At the start of her junior campaign, she has just one goal—win.
Bay Shore has come frustratingly close the last few seasons. It lost in the 2006 state title game. In 2007, the Marauders fell to Long Beach in the Long Island championship game. The 2008 team lost to West Babylon in the county semifinals. And last year Brentwood beat Bay Shore in the county championship series. Long Beach, West Babylon and Brentwood each won state titles.
“We’re getting closer each year,” Taylor McGowan said. “This is our year. Each year we lost to the eventual state champion. It’s our turn.”
The numbers are astounding. Jim McGowan has won 609 games, 23 league, 11 Suffolk County, nine Long Island and six state championships in 27 seasons.
Yet his greatest legacy has little to do with wins, titles or accolades. Look around Long Island and you will see a softball landscape redefined by the in-your-face taskmaster.

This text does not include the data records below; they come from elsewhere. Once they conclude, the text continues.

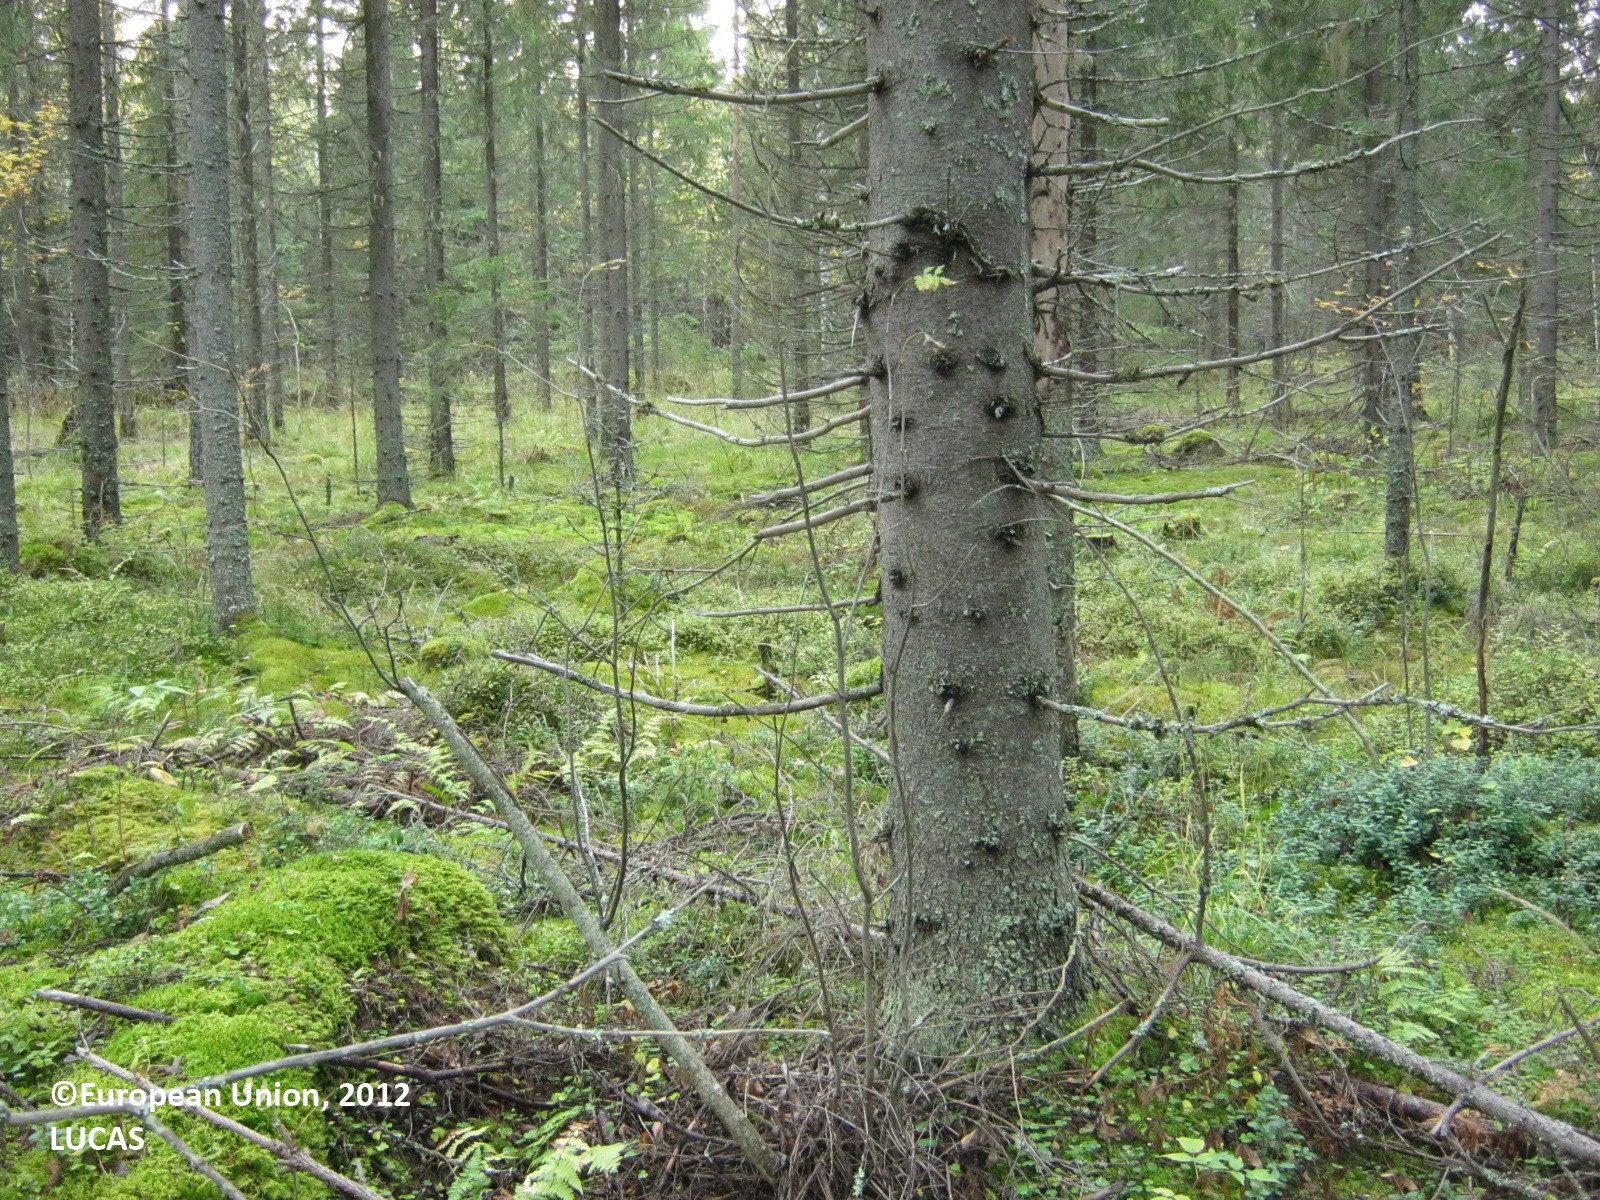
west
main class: Woodland
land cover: Spruce dominated coniferous woodland
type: boreal forest
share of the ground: 50 - 75 %
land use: Forestry
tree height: > 5 m
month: September
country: FI
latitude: 62.4050
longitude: 28.8905
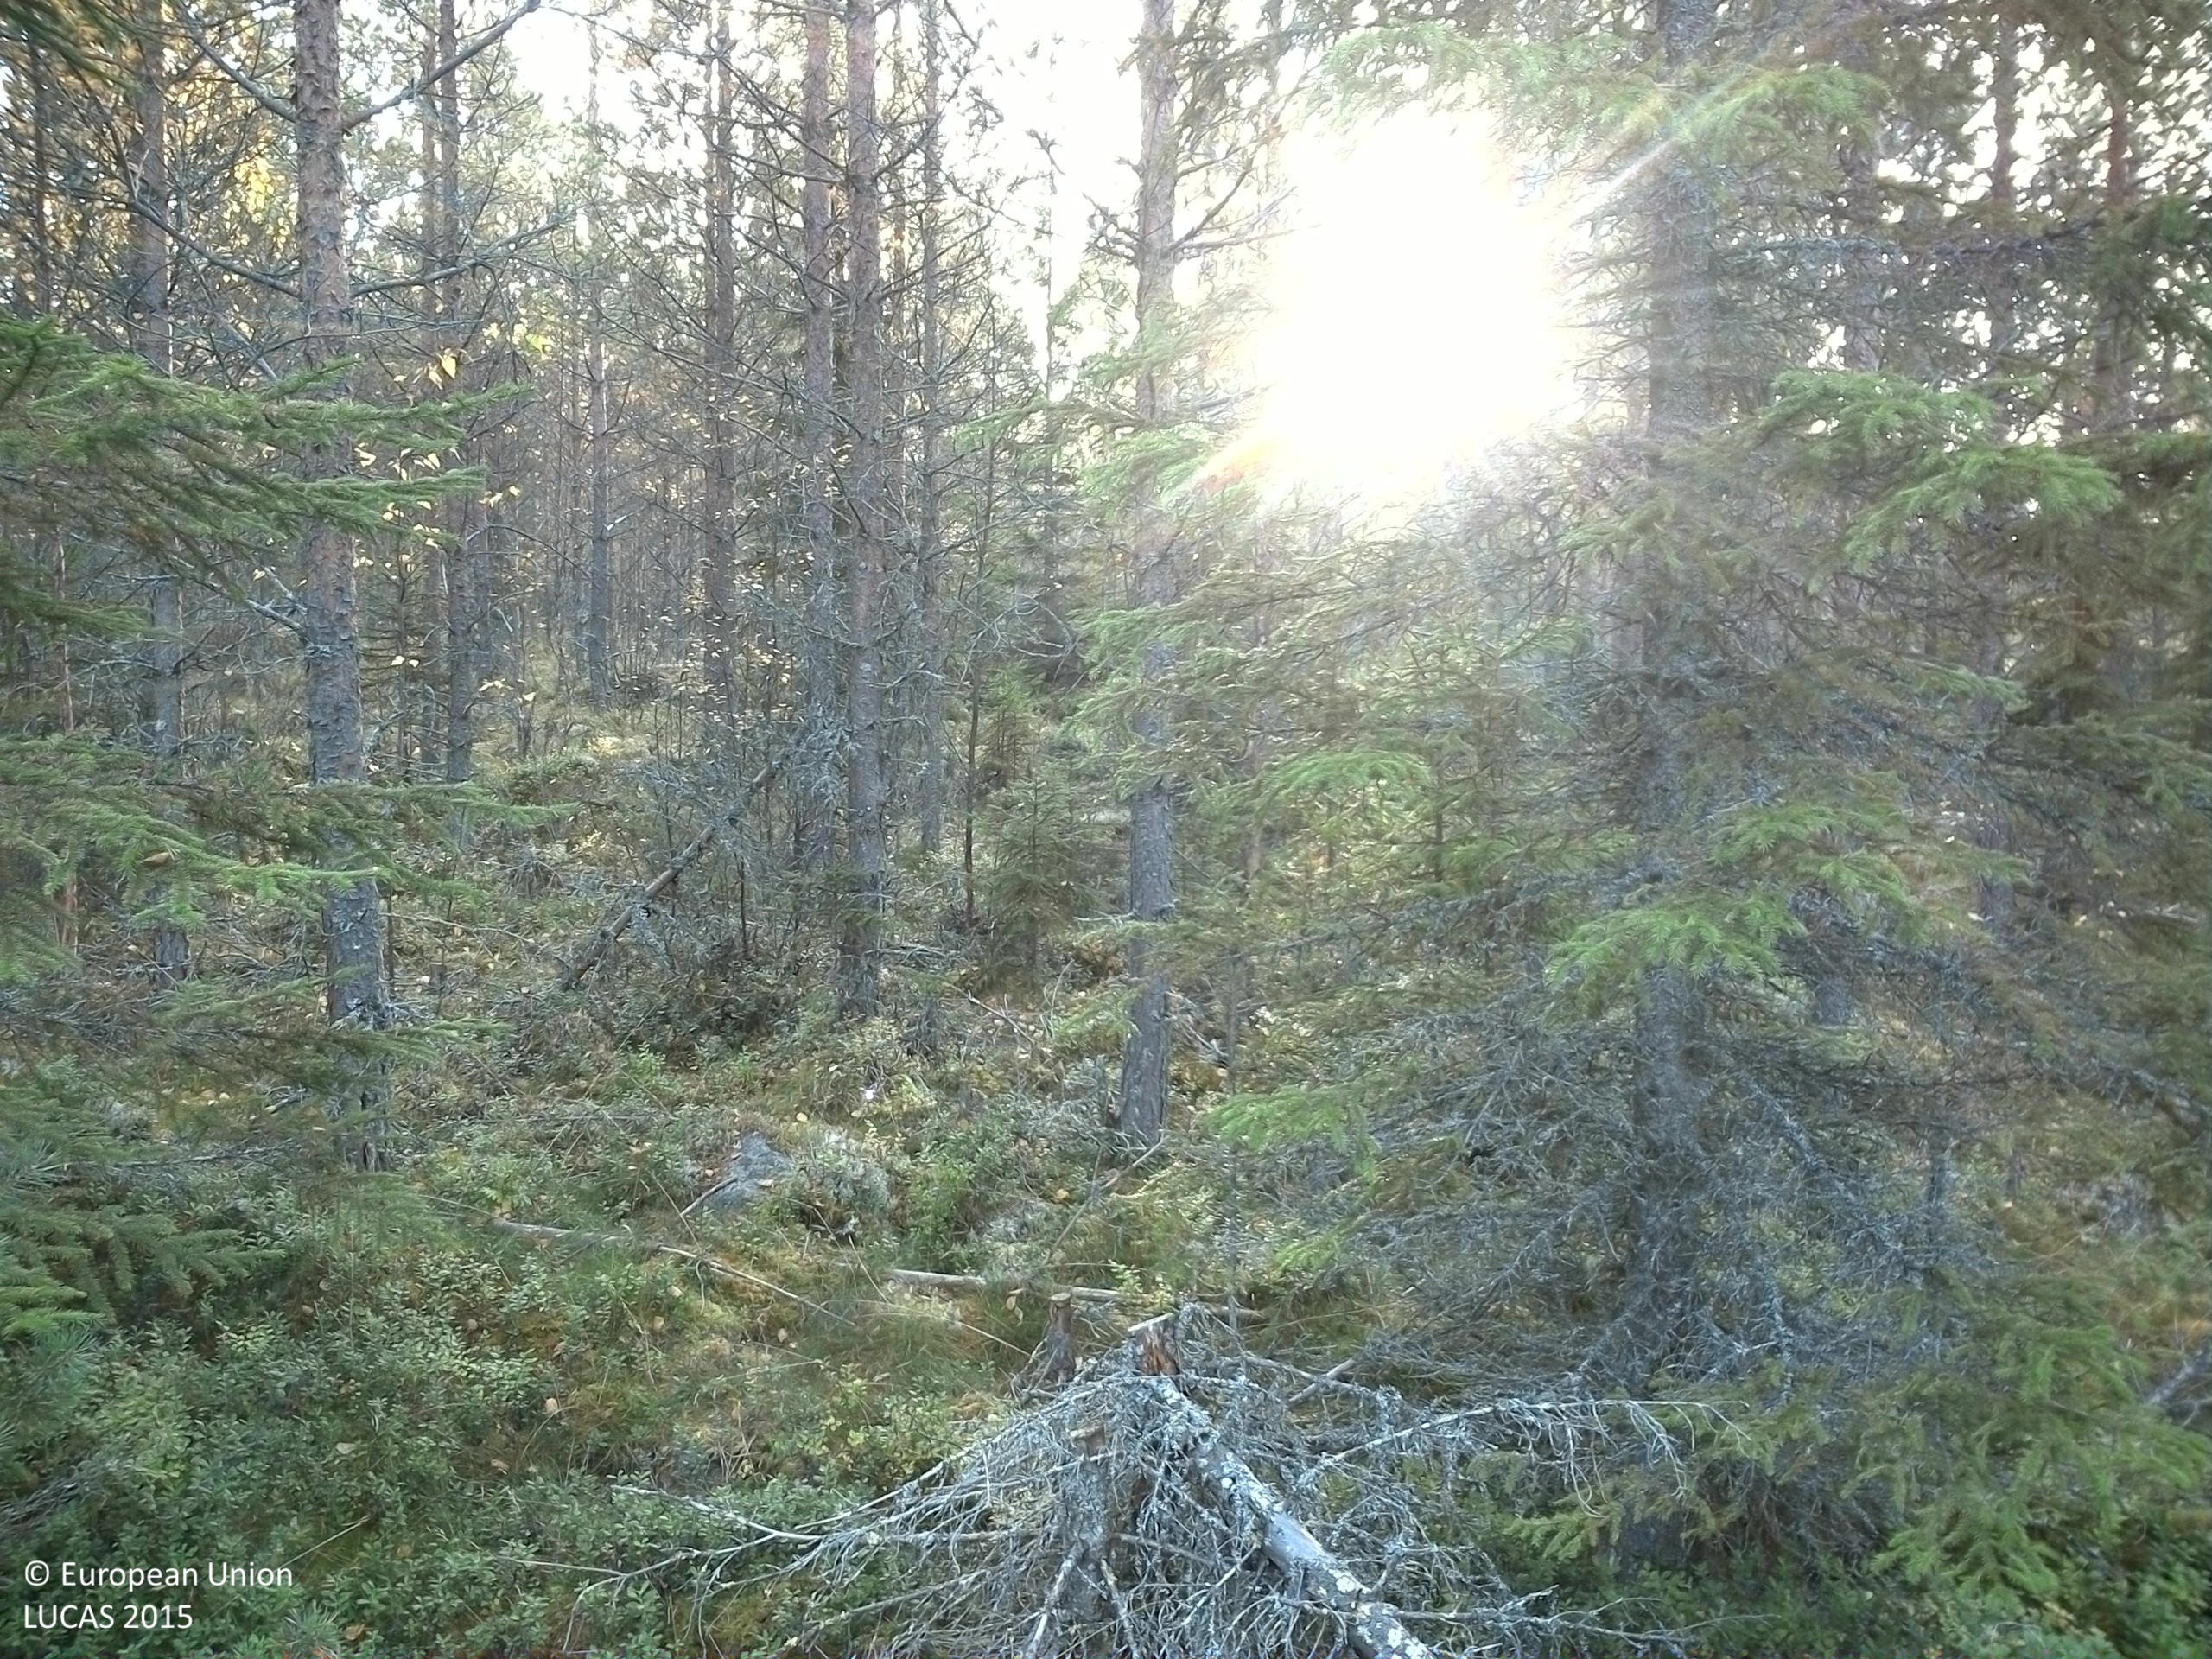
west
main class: Woodland
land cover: Other coniferous woodland
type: boreal forest
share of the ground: 50 - 75 %
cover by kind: coniferous forest trees 55 %, shrubs 25 %, lichens and mosses 10 %, broadleaved forest trees 5 %, consolidated bare surface 5 %
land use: Forestry
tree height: > 5 m
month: October
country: SE
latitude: 61.2805
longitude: 15.0780

He’s tutored pitchers for rival schools. Two sons are successful high school softball coaches. Two former players coach (and countless others are assistants, coached in the past or are mainstays in different sports). And when McGowan steps aside after the 2011 season, another former Bay Shore pupil will succeed him in Jackie Pasquerella.
“My [players] are my judgment,” McGowan said. “I love my kids and respect my kids. That’s my legacy. Hopefully I made a difference in their lives.”
It’s a living legacy that says more about the man than any plaque ever could. His influence will live on long after his accomplishments become forgotten clutter in the trophy cases at Bay Shore High School.
Truth is, no one has won more high school softball games in state history than McGowan. And he’s done it his way—equal parts motivational speaker and drill sergeant with a dash of Martha Stewart perfectionism. His gruff act has drawn plenty of critics over the years.
“A lot of times [the criticism is] unwarranted,” said son Jimmy McGowan, in his 10th season as the Hauppauge softball coach. “If he was 12-10 every year people would say he gets the most out of his talent. The fact that he goes 25-2? People like winning but they don’t like winners. That’s a big part of it with him.”
“Jim is a tremendous student of the game and really works at it,’’ Hofstra coach Bill Edwards said. “He always has the kids’ best interests at heart. He’s old school and uncompromising in his values, which kids today need.”
The supporters are winning out. McGowan will be inducted into the Suffolk County Sports Hall of Fame on May 6.
“It’s about time,” said son Jason McGowan, a third-year softball coach at Plainedge. “I don’t know why it took this long. It’s a huge accomplishment. But he deserves it.”
Back on the field, McGowan gathered his team in a circle and went over a mental checklist before the scrimmage. Preparation is an important ingredient to his success. Little wonder why he owns an incredible .888 winning percentage and the longest winning streak in state softball history (54 wins from 1994-95 with Pasquerella in the lineup).
“Practice makes perfect,” Taylor McGowan said. “That’s what he’s been telling me since I was 7.”
Oh, Jim McGowan has a saying for every occasion.
“Our motto this year is: No better time, no better team,” the elder McGowan said. “The name of the game is pitching and we have two All-Long Island pitchers. I feel good about this team. ”
The coach knows the clock is ticking. After three decades of kicking clay, taking on umpires, developing talent and hoisting championship plaques, the end is near. He’ll tackle it on his terms.
“I try to emulate what he does and hopefully I can be half as successful,’’ Jimmy McGowan said.
He’s already there. Hauppauge reached the Suffolk Class A championship series last season while Plainedge advanced to the second round of the Nassau Class A playoffs. So long as a McGowan is on a softball field somewhere on Long Island, past, present and future remain perfectly aligned.